◆ Work instructions: Reproduce exactly, and nothing but, the lines between the one with "Please strictly follow" and the end of the entries, both ends included.

◆ Records for this exercise:
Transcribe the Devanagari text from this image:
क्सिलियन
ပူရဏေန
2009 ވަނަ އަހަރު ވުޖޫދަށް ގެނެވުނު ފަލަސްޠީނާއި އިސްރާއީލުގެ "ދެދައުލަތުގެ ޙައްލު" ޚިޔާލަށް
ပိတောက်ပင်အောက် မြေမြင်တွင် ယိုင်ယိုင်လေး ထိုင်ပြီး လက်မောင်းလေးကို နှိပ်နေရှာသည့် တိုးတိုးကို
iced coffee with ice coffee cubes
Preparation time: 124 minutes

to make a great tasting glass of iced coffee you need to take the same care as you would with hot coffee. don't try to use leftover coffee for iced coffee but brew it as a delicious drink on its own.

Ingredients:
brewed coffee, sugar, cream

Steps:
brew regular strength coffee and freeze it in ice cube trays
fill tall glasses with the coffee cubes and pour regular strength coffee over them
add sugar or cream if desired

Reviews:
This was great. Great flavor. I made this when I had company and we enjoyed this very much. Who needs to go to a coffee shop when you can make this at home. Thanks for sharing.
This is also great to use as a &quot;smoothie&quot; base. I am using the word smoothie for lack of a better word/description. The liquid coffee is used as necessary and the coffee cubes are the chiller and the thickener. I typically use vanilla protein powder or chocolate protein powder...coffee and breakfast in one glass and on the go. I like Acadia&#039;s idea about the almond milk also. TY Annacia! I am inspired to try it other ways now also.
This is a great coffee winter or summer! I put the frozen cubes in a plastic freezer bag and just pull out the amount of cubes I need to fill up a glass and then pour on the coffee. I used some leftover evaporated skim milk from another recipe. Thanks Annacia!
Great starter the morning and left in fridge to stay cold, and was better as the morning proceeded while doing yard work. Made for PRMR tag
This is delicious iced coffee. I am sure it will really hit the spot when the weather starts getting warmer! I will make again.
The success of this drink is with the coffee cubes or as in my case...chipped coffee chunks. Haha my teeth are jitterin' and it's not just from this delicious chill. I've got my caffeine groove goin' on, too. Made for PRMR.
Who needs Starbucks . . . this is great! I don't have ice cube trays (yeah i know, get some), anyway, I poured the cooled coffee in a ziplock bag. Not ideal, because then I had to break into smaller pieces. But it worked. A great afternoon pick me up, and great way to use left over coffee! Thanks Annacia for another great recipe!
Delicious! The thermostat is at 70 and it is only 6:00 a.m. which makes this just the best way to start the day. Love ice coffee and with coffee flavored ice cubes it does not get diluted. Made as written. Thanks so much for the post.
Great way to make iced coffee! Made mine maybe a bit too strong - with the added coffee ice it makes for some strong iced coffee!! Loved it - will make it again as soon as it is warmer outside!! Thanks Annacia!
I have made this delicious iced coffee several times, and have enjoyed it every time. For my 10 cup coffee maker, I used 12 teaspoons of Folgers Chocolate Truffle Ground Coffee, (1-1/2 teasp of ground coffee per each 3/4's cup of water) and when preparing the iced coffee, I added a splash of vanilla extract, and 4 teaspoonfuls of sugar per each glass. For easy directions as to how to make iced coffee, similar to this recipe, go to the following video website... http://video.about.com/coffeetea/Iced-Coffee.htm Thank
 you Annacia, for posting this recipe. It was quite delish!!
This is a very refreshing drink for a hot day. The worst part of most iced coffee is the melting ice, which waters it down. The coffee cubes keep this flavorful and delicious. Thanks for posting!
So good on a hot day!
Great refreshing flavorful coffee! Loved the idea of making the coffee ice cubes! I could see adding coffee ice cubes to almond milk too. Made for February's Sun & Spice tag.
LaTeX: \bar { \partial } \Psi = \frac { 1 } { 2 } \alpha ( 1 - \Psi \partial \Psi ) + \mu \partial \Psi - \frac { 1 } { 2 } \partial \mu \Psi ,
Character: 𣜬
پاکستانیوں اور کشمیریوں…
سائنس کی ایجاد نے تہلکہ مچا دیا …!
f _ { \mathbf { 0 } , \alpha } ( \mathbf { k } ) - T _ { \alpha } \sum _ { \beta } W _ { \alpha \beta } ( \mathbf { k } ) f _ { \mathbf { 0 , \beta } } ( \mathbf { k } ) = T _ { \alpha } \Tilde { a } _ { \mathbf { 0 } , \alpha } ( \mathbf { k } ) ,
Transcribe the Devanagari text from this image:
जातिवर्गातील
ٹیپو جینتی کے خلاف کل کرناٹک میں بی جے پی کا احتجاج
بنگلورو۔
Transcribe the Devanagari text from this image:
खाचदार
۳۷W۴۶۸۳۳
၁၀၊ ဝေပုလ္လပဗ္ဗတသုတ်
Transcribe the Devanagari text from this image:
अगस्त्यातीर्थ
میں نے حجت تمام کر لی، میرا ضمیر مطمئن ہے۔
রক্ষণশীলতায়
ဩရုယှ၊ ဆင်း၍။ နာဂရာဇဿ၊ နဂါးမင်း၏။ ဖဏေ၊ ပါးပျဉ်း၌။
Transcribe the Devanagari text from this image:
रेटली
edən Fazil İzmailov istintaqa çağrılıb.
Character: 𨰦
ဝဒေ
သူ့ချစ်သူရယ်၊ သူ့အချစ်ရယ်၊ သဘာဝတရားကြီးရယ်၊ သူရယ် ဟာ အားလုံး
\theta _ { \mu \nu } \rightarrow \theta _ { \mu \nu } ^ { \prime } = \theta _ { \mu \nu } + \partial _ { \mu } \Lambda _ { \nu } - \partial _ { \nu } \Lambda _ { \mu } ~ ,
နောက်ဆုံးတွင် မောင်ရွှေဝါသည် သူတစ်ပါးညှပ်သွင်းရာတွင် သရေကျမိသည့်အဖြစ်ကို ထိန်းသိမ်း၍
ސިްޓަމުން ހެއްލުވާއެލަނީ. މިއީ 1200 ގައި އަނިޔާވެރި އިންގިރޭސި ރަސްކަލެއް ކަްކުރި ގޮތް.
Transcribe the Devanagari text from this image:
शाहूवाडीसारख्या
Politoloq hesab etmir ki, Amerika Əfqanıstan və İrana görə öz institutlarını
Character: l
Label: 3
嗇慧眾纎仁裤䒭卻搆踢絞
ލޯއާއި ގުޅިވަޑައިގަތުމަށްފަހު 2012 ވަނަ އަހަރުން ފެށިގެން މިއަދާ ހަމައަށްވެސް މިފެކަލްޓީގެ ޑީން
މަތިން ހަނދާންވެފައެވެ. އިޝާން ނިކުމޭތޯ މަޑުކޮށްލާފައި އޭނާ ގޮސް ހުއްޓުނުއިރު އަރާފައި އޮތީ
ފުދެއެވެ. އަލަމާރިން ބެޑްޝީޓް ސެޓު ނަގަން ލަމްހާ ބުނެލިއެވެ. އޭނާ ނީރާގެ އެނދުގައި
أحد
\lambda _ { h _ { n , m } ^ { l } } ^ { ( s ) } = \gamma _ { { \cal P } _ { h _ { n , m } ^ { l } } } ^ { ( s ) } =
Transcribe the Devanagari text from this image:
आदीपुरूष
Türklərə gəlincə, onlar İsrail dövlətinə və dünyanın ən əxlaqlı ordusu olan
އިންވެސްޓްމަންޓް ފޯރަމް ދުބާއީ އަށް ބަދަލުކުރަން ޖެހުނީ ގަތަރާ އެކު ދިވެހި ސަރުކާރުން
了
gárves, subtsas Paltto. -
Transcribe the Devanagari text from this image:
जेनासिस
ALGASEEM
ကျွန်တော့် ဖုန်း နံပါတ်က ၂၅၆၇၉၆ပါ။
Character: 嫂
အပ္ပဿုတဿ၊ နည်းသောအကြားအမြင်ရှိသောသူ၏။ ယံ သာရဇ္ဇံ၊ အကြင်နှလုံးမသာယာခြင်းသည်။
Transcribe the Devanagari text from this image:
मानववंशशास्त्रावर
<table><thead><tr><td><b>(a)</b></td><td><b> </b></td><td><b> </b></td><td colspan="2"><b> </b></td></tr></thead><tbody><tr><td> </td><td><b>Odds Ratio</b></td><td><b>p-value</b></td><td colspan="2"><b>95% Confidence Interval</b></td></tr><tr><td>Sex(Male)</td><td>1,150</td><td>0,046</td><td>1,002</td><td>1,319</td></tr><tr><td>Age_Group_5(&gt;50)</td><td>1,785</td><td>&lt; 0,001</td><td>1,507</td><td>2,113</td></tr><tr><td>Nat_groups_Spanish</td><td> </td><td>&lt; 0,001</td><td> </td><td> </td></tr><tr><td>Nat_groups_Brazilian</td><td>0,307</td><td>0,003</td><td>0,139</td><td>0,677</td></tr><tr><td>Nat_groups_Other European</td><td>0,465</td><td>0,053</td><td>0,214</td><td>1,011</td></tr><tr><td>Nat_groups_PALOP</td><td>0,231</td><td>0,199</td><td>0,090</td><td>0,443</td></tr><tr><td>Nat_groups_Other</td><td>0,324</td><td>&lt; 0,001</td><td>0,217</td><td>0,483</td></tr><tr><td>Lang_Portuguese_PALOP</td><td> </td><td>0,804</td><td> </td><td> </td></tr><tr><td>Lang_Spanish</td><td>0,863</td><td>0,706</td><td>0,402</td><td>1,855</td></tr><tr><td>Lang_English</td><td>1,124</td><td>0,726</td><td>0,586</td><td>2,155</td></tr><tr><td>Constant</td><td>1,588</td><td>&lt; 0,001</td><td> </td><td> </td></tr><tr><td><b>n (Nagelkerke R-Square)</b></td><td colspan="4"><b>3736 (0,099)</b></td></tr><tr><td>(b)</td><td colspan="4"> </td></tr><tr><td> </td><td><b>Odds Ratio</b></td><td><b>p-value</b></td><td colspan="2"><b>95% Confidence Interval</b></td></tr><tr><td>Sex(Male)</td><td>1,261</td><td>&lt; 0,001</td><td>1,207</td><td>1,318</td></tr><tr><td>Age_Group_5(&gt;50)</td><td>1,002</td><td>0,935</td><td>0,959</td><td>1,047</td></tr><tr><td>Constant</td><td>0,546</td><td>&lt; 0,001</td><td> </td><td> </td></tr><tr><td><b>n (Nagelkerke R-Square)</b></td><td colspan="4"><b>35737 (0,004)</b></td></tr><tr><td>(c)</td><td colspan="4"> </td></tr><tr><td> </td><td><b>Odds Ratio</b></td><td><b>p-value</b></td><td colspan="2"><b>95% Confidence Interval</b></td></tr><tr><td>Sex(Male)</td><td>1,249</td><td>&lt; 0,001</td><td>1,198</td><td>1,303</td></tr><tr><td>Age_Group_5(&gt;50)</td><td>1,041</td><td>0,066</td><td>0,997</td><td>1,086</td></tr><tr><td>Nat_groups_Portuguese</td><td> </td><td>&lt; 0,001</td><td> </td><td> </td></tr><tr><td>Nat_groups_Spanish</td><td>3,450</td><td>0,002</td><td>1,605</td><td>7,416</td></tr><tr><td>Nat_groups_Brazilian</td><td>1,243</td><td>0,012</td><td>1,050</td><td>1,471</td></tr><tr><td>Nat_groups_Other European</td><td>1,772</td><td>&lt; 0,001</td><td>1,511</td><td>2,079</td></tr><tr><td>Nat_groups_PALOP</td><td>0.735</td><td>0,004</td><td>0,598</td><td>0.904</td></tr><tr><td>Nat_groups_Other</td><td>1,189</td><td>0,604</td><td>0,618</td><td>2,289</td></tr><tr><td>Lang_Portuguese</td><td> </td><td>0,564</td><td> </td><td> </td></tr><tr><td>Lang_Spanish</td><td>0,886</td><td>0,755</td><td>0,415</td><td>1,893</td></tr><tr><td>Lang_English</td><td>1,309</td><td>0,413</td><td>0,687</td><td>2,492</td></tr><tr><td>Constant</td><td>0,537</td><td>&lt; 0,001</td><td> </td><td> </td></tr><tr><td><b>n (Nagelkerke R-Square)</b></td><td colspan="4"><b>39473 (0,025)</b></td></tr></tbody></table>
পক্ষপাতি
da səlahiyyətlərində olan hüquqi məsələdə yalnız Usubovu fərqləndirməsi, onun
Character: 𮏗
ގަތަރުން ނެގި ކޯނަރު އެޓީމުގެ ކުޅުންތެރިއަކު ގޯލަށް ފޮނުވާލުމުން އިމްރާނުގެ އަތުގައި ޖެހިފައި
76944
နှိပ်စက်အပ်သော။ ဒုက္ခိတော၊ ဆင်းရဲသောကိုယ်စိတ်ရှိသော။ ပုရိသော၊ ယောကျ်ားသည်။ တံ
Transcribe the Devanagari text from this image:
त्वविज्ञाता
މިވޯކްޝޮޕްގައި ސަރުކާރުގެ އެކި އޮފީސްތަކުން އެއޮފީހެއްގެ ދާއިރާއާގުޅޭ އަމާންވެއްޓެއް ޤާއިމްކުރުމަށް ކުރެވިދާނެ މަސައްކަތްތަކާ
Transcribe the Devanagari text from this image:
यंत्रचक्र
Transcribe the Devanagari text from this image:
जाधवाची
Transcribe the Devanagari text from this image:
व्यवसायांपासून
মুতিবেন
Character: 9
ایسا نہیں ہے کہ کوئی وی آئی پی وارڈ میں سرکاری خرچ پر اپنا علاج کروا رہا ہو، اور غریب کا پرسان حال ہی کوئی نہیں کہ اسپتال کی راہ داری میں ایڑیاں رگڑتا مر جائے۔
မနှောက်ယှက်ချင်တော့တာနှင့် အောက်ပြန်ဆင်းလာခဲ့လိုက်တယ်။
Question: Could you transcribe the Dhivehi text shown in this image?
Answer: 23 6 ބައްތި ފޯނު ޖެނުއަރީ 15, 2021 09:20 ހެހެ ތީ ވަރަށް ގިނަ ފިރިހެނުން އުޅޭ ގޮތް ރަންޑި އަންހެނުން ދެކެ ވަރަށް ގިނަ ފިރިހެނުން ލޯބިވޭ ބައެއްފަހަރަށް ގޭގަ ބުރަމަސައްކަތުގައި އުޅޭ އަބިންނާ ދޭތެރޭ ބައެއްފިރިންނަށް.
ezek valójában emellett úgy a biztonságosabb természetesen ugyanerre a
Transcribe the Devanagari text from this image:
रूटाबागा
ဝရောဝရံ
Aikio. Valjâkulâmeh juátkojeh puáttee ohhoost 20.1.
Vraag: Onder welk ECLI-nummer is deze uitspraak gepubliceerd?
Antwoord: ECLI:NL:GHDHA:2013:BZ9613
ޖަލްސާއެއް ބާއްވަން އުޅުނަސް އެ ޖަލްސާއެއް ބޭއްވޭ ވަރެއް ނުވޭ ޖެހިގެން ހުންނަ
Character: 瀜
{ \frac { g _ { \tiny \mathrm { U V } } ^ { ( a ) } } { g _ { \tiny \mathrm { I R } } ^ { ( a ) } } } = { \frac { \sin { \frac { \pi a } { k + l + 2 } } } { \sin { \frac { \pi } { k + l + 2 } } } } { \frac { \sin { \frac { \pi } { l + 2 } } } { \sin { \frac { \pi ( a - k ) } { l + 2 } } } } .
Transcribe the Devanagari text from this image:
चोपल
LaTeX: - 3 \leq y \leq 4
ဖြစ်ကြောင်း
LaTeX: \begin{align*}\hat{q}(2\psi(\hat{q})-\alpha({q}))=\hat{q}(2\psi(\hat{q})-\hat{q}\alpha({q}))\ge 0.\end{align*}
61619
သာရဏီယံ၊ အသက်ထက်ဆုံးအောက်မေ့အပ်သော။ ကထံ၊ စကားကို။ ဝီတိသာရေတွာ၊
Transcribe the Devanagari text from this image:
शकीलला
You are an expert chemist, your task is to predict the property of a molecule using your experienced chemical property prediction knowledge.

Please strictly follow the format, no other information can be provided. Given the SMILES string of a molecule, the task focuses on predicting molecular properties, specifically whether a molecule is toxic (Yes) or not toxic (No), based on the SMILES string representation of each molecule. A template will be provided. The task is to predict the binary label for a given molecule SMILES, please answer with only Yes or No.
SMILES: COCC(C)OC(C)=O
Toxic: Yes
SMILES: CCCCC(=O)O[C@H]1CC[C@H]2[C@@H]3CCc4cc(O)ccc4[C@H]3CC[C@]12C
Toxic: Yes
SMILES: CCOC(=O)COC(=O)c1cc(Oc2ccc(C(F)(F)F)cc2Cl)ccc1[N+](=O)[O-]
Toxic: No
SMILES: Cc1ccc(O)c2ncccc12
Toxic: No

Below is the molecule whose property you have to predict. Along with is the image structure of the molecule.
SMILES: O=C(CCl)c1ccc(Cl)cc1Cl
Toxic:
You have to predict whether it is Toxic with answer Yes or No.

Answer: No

◆ Answer for the task:
Please strictly follow the format, no other information can be provided. Given the SMILES string of a molecule, the task focuses on predicting molecular properties, specifically whether a molecule is toxic (Yes) or not toxic (No), based on the SMILES string representation of each molecule. A template will be provided. The task is to predict the binary label for a given molecule SMILES, please answer with only Yes or No.
SMILES: COCC(C)OC(C)=O
Toxic: Yes
SMILES: CCCCC(=O)O[C@H]1CC[C@H]2[C@@H]3CCc4cc(O)ccc4[C@H]3CC[C@]12C
Toxic: Yes
SMILES: CCOC(=O)COC(=O)c1cc(Oc2ccc(C(F)(F)F)cc2Cl)ccc1[N+](=O)[O-]
Toxic: No
SMILES: Cc1ccc(O)c2ncccc12
Toxic: No

Below is the molecule whose property you have to predict. Along with is the image structure of the molecule.
SMILES: O=C(CCl)c1ccc(Cl)cc1Cl
Toxic:
You have to predict whether it is Toxic with answer Yes or No.

Answer: No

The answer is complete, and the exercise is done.